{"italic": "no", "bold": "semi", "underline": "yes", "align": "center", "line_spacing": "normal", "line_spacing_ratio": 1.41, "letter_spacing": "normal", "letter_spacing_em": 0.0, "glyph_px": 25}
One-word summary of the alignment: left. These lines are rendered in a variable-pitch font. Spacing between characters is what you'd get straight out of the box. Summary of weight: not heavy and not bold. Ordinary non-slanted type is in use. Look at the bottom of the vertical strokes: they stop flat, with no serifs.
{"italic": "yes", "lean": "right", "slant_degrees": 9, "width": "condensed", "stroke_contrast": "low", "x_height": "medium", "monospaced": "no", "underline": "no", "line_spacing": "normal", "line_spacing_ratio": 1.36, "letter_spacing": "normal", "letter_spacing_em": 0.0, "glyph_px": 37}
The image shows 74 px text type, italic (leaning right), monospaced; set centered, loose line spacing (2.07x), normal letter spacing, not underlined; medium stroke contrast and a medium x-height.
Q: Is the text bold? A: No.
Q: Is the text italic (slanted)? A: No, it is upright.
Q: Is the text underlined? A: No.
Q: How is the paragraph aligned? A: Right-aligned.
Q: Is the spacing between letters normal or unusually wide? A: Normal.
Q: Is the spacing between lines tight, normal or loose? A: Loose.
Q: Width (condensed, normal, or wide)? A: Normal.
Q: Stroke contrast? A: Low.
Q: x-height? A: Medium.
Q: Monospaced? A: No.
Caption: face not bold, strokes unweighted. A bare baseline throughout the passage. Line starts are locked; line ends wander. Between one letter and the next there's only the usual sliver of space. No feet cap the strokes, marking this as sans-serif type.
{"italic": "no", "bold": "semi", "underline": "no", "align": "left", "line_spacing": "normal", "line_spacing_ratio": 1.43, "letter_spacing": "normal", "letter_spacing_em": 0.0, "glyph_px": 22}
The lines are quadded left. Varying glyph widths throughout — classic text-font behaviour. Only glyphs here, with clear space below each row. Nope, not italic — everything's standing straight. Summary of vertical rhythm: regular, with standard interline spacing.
...
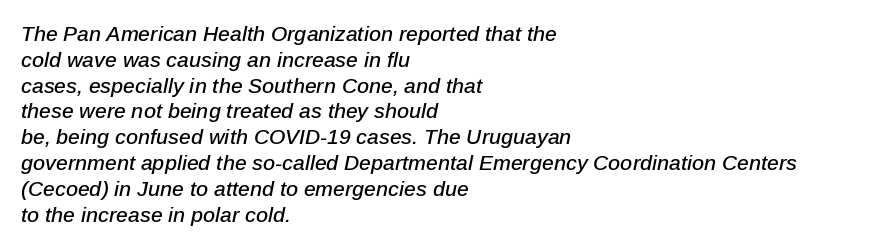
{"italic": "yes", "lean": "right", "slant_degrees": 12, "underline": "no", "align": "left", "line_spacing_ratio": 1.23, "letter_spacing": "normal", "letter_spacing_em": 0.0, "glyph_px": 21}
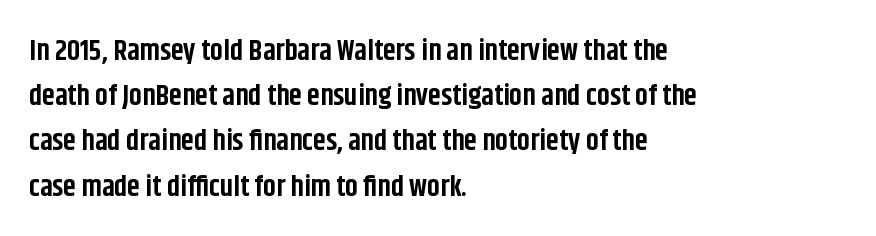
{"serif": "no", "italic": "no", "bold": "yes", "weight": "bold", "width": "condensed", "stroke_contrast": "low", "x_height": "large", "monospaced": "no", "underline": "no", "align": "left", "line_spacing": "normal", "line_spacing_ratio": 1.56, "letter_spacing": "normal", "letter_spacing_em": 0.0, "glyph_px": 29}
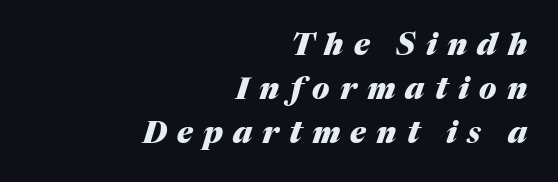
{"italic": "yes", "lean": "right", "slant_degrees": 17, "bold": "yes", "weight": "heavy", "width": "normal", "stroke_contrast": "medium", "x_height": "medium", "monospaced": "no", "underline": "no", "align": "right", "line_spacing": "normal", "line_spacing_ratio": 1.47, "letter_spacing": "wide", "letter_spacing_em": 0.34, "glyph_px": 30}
---
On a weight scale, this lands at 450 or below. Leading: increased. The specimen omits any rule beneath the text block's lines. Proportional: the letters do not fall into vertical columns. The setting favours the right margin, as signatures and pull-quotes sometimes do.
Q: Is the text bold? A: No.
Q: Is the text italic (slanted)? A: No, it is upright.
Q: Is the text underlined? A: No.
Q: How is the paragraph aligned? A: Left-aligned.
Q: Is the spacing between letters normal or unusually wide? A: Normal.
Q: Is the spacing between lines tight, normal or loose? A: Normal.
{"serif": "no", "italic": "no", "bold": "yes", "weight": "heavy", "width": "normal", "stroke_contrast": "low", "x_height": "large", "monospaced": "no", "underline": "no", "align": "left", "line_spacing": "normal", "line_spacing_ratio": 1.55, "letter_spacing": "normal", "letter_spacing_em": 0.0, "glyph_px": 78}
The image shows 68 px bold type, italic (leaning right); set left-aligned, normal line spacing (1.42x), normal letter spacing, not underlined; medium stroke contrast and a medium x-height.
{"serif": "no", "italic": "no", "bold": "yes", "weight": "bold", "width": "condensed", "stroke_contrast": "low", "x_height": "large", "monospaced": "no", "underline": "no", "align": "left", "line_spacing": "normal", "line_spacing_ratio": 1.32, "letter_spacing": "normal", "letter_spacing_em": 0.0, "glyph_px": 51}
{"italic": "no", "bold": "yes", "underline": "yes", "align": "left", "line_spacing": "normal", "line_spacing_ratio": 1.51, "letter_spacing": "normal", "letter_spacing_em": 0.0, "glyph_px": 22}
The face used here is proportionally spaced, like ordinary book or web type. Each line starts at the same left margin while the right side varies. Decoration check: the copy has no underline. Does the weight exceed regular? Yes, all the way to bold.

Task brief =
Using the listing above, pull out all lines that hold the word "loose".

Task result =
The image shows 74 px text type, italic (leaning right), monospaced; set centered, loose line spacing (2.07x), normal letter spacing, not underlined; medium stroke contrast and a medium x-height.
Q: Is the spacing between lines tight, normal or loose? A: Loose.
Q: Is the spacing between lines tight, normal or loose? A: Normal.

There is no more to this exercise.